Hazlitt comes to town at any time, however glad we shall be to
see her in the daytime, I cannot ask her to spend a night under our roof. Some
decision we must come to, for the harassing fever that we have both been in,
owing to Miss Wordsworth’s coming, is not to be
borne; and I would rather be dead than so alive. However, at present, owing to
a regimen and medicines which Tuthill
has given her, who very kindly volunteer’d the care of her, she is a
great deal quieter, though too much harassed by company, who cannot or will not
see how late hours and society teaze her.
Poor Phillips had
the cup dash’d out of his lips as it were. He had every prospect of the
situation, when about ten days since one of the council of the R. Society
started for the place himself, being a rich merchant who lately failed, and he
will certainly be elected on Friday next. P. is very sore
and miserable about it.
Coleridge is in town, or at least at
Hammersmith. He is writing or going to write in the Courier against Cobbett, and in favour of paper money.
No news. Remember me kindly to Sarah. I write from the office.
Yours ever,
I just open’d it to say the pig, upon proof, hath
turned out as good as I predicted. My fauces yet retain the sweet porcine
odour. I find you have received the Cobbett. I think your paper complete.
Mrs. Reynolds, who is a sage woman,
approves of the pig.
James Burney (1750-1821)
The brother of Fanny Burney; he sailed with Captain Cook and wrote about his voyages, and
in later life was a friend of Charles Lamb and other literary people.
Samuel Taylor Coleridge (1772-1834)
English poet and philosopher who projected
Lyrical Ballads (1798)
with William Wordsworth; author of
Biographia Literaria (1817),
On the Constitution of the Church and State (1829) and other
works.
Mary Jane Godwin [née Vial] (1768-1841)
The second wife of William Godwin, whom she married in 1801 after a previous relationship
in which was born her daughter Claire Clairmont (1798-1879). With her husband she was a
London bookseller.
Sarah Hazlitt [née Stoddart] (1774-1840)
The daughter of John Stoddart (1742-1803), lieutenant in the Royal Navy; she married
William Hazlitt in 1808 and was divorced in 1822.
Mary Anne Lamb (1764-1847)
Sister of Charles Lamb with whom she wrote Tales from Shakespeare (1807). She lived with
her brother, having killed their mother in a temporary fit of insanity.
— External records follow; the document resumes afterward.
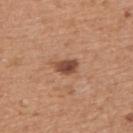Part of a total-body skin-imaging series; this lesion was reviewed on a skin check and was not flagged for biopsy.
A male subject, aged approximately 55.
The tile uses white-light illumination.
The lesion is on the right upper arm.
Measured at roughly 3 mm in maximum diameter.
Cropped from a whole-body photographic skin survey; the tile spans about 15 mm.
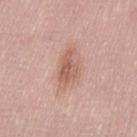Impression:
Captured during whole-body skin photography for melanoma surveillance; the lesion was not biopsied.
Context:
Automated image analysis of the tile measured an area of roughly 7.5 mm², an outline eccentricity of about 0.85 (0 = round, 1 = elongated), and two-axis asymmetry of about 0.35. It also reported lesion-presence confidence of about 100/100. The subject is a female approximately 30 years of age. This is a white-light tile. A 15 mm crop from a total-body photograph taken for skin-cancer surveillance. From the left thigh. Approximately 4.5 mm at its widest.

Edward Phillips (1771-1844)
He was clerk to John Rickman whom he succeeded as secretary to the speaker of the House
of Commons (1814-33); he was also a friend of Charles Lamb.
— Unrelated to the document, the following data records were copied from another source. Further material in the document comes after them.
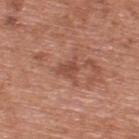Clinical impression:
Recorded during total-body skin imaging; not selected for excision or biopsy.
Acquisition and patient details:
The lesion is on the upper back. A male patient, roughly 70 years of age. Approximately 3.5 mm at its widest. Captured under white-light illumination. A close-up tile cropped from a whole-body skin photograph, about 15 mm across.
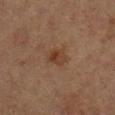| feature | finding |
|---|---|
| biopsy status | catalogued during a skin exam; not biopsied |
| lesion diameter | ~2.5 mm (longest diameter) |
| image | ~15 mm tile from a whole-body skin photo |
| illumination | cross-polarized |
| patient | male, in their mid-80s or older |
| location | the right lower leg |
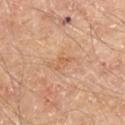| key | value |
|---|---|
| follow-up | catalogued during a skin exam; not biopsied |
| image | ~15 mm crop, total-body skin-cancer survey |
| illumination | cross-polarized illumination |
| anatomic site | the right upper arm |
| automated lesion analysis | a lesion area of about 2 mm², a shape eccentricity near 0.85, and a shape-asymmetry score of about 0.6 (0 = symmetric); a classifier nevus-likeness of about 0/100 and a detector confidence of about 100 out of 100 that the crop contains a lesion |
| subject | male, approximately 65 years of age |
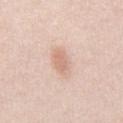Q: Is there a histopathology result?
A: catalogued during a skin exam; not biopsied
Q: Illumination type?
A: white-light
Q: What is the imaging modality?
A: ~15 mm tile from a whole-body skin photo
Q: What is the anatomic site?
A: the chest
Q: What are the patient's age and sex?
A: male, roughly 25 years of age
Q: Automated lesion metrics?
A: a lesion area of about 5.5 mm² and a shape eccentricity near 0.85; a mean CIELAB color near L≈69 a*≈19 b*≈29, about 9 CIELAB-L* units darker than the surrounding skin, and a lesion-to-skin contrast of about 6 (normalized; higher = more distinct)
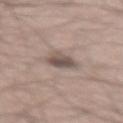notes — no biopsy performed (imaged during a skin exam) | size — about 3 mm | anatomic site — the lower back | imaging modality — ~15 mm tile from a whole-body skin photo | patient — male, in their mid-60s | TBP lesion metrics — a normalized lesion–skin contrast near 8; a border-irregularity rating of about 2.5/10 and a peripheral color-asymmetry measure near 1.5; an automated nevus-likeness rating near 35 out of 100 and a detector confidence of about 95 out of 100 that the crop contains a lesion | lighting — white-light illumination.

Elizabeth Reynolds [née Chambers] (d. 1832)
The daughter of Charles Chambers (d. 1777); she was an older friend of Charles Lamb who
had once been his schoolmistress.
Sir George Leman Tuthill (1772-1835)
Educated at Gonville and Caius College, Cambridge, he was detained in France before
completing his medical education; he was physician to Westminster, Bridewell and Bethlem
hospitals. He was a friend of Thomas Manning and Charles Lamb; Mary Lamb was among his
patients.
Dorothy Wordsworth (1771-1855)
The sister of William Wordsworth who transcribed his poems and kept his house; her
journals and letters were belatedly published after her death.
The Courier. (1792-1842). A London evening newspaper; the original proprietor was James Perry; Daniel Stuart, Peter
Street, and William Mudford were editors; among the contributors were Samuel Taylor
Coleridge and John Galt.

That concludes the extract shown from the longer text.